What the task asks: The line containing "#27749=CARTESIAN_POINT('',(20.35,-145.7,0.));" marks the start; please restate exactly that line and only the lines following it through the end of the material below.

Record set:
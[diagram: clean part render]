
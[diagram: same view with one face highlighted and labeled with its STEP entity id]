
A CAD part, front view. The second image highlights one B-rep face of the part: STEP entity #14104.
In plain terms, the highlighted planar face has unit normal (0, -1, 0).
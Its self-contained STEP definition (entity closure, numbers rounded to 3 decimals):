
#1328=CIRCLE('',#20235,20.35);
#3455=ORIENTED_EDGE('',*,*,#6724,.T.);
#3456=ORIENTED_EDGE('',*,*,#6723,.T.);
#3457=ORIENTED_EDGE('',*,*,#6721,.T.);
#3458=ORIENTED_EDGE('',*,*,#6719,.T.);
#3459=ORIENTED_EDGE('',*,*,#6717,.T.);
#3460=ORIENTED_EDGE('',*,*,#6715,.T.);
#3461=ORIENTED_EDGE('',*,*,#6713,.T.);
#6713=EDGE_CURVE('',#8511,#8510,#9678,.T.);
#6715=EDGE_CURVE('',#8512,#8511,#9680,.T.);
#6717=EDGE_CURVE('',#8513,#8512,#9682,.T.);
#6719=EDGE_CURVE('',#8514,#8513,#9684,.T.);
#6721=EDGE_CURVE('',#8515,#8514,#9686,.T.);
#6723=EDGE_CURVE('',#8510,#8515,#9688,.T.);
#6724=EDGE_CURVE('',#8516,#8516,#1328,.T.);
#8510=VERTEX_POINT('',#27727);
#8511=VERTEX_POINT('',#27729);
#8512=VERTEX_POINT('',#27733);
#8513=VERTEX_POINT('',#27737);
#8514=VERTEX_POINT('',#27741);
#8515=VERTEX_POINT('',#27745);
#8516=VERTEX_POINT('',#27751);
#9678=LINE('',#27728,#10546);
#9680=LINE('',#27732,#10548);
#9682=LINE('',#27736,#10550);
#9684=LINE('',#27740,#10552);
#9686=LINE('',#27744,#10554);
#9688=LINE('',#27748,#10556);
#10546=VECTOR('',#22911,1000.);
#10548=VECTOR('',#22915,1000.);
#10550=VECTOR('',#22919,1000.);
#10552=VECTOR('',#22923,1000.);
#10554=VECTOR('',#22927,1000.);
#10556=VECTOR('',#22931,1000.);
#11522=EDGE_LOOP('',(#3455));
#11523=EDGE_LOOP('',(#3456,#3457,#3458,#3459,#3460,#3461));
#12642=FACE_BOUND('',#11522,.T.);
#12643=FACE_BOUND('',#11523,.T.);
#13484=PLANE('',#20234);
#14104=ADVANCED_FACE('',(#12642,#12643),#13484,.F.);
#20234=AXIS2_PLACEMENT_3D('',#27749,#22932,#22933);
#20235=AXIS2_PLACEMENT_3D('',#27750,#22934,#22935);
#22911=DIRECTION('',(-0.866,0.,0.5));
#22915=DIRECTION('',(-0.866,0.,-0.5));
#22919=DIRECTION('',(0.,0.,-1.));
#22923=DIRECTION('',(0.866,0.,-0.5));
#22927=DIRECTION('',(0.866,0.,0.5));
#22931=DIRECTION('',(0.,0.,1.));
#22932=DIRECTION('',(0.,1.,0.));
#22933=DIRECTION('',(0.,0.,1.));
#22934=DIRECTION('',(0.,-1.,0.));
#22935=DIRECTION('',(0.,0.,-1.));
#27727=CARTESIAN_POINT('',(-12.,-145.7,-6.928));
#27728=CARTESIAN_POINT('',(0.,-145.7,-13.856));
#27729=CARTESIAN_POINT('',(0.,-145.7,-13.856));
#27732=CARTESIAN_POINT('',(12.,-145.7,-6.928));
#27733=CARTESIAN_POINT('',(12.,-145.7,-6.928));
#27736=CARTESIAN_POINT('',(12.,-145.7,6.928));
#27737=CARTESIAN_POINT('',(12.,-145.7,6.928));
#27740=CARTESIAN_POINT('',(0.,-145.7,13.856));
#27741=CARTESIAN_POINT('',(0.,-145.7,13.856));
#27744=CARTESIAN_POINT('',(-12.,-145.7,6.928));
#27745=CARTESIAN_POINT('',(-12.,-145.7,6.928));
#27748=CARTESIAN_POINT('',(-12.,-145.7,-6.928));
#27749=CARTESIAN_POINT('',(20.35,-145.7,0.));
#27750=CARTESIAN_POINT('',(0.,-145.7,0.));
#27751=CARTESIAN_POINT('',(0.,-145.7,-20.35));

Answer space:
#27749=CARTESIAN_POINT('',(20.35,-145.7,0.));
#27750=CARTESIAN_POINT('',(0.,-145.7,0.));
#27751=CARTESIAN_POINT('',(0.,-145.7,-20.35));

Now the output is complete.